Excerpts from a dataset:
----------

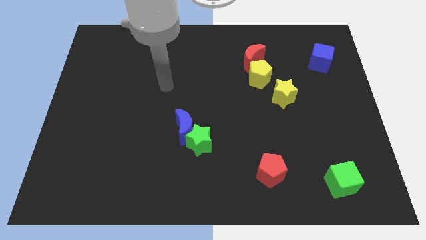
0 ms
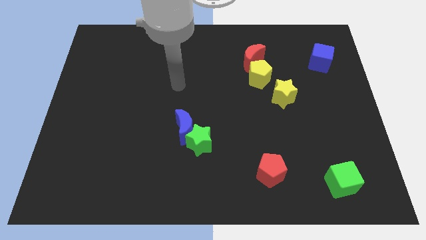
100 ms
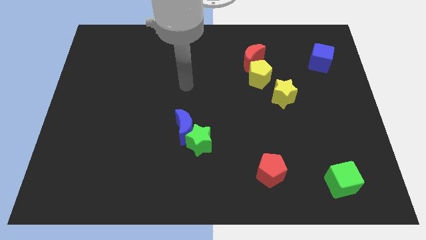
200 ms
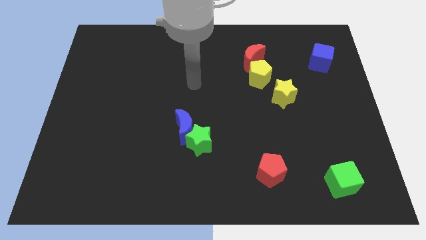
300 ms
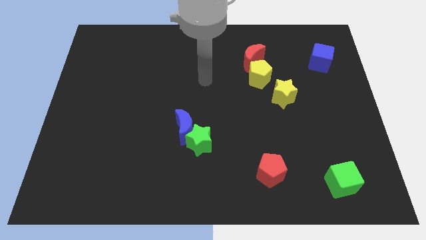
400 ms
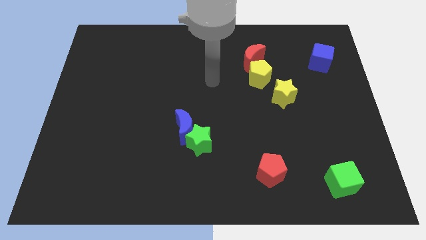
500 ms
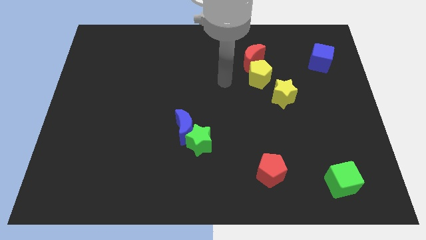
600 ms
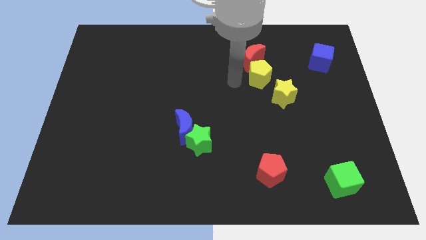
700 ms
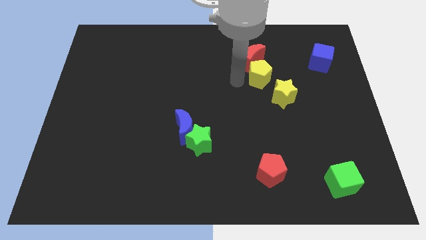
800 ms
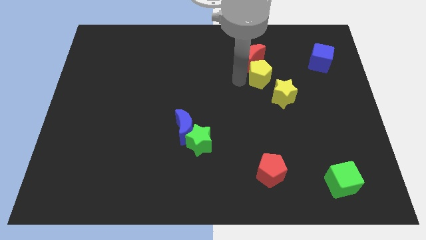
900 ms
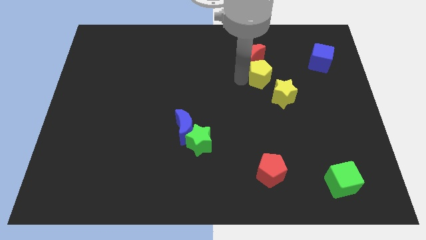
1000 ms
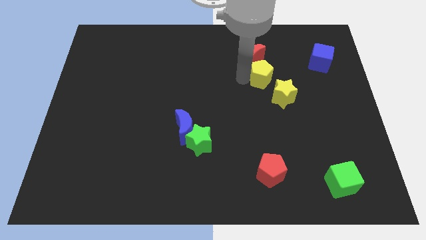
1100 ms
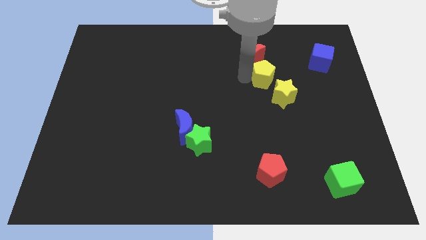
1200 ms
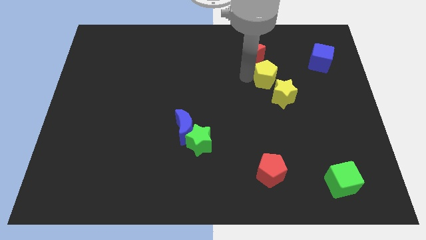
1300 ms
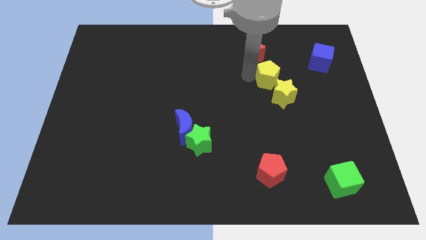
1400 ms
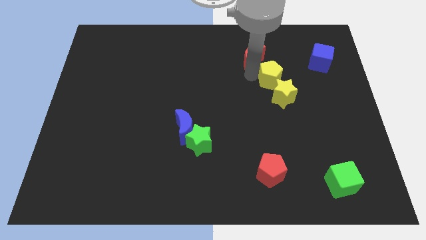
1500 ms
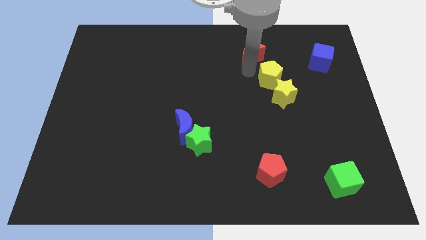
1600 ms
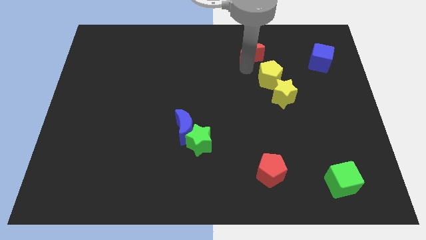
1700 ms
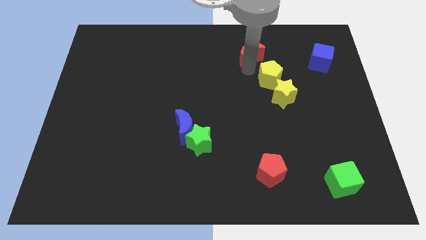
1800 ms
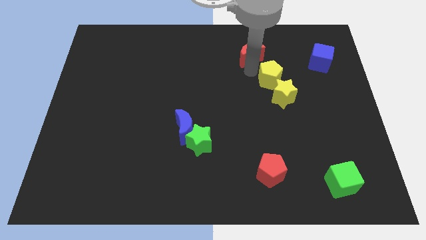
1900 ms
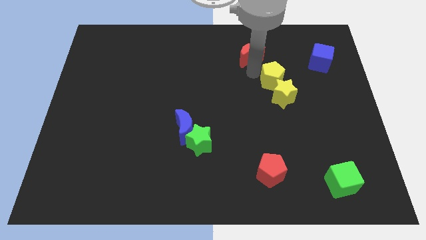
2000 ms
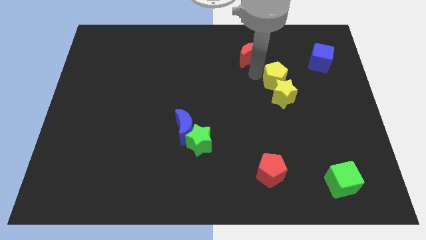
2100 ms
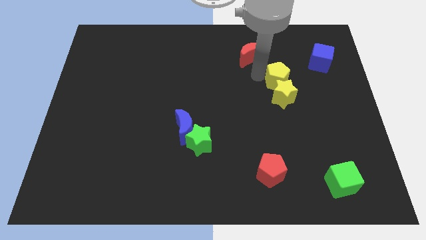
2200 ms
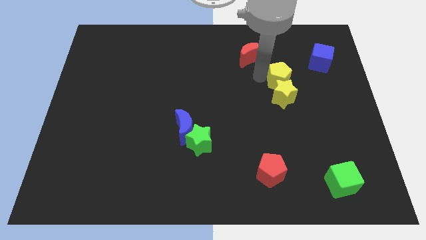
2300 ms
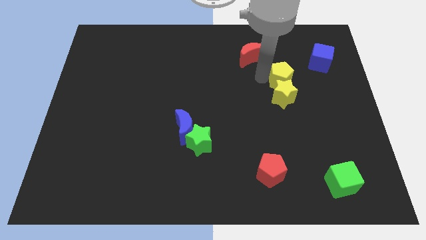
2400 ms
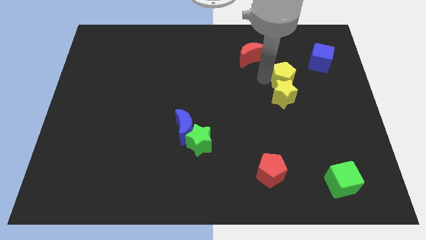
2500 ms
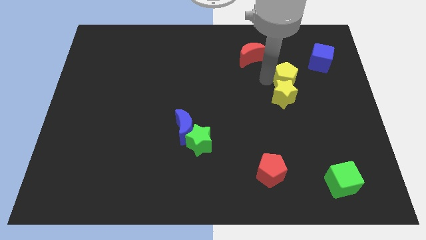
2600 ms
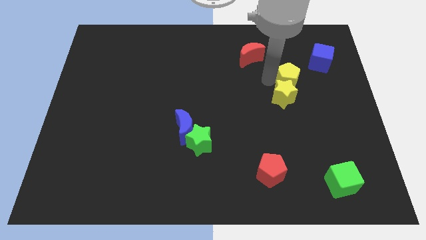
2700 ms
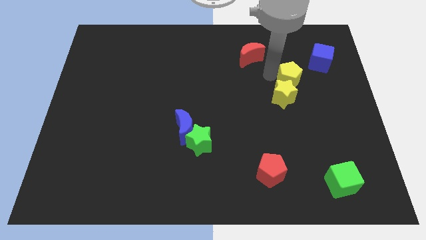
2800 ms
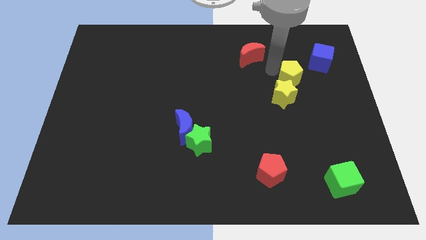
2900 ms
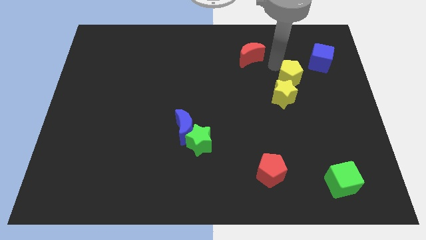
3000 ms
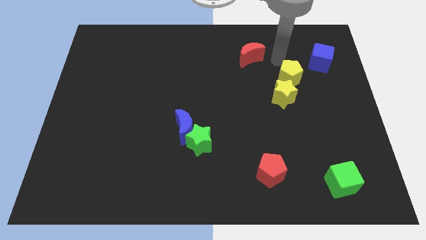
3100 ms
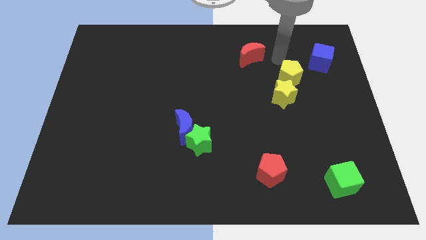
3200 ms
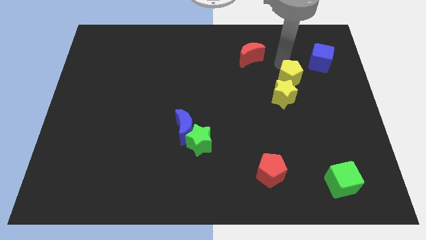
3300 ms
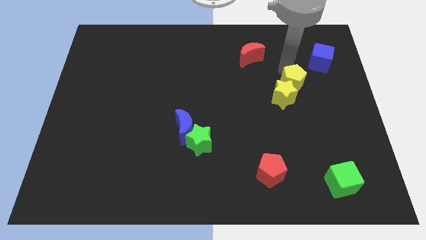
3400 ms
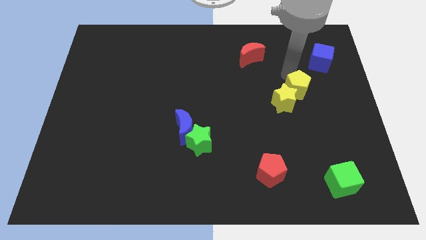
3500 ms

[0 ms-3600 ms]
move the yellow pentagon diagonally downwards and to the right a bit

----------

Print all of the records shown above exactly, leaving out each picture.

0 ms
100 ms
200 ms
300 ms
400 ms
500 ms
600 ms
700 ms
800 ms
900 ms
1000 ms
1100 ms
1200 ms
1300 ms
1400 ms
1500 ms
1600 ms
1700 ms
1800 ms
1900 ms
2000 ms
2100 ms
2200 ms
2300 ms
2400 ms
2500 ms
2600 ms
2700 ms
2800 ms
2900 ms
3000 ms
3100 ms
3200 ms
3300 ms
3400 ms
3500 ms

[0 ms-3600 ms]
move the yellow pentagon diagonally downwards and to the right a bit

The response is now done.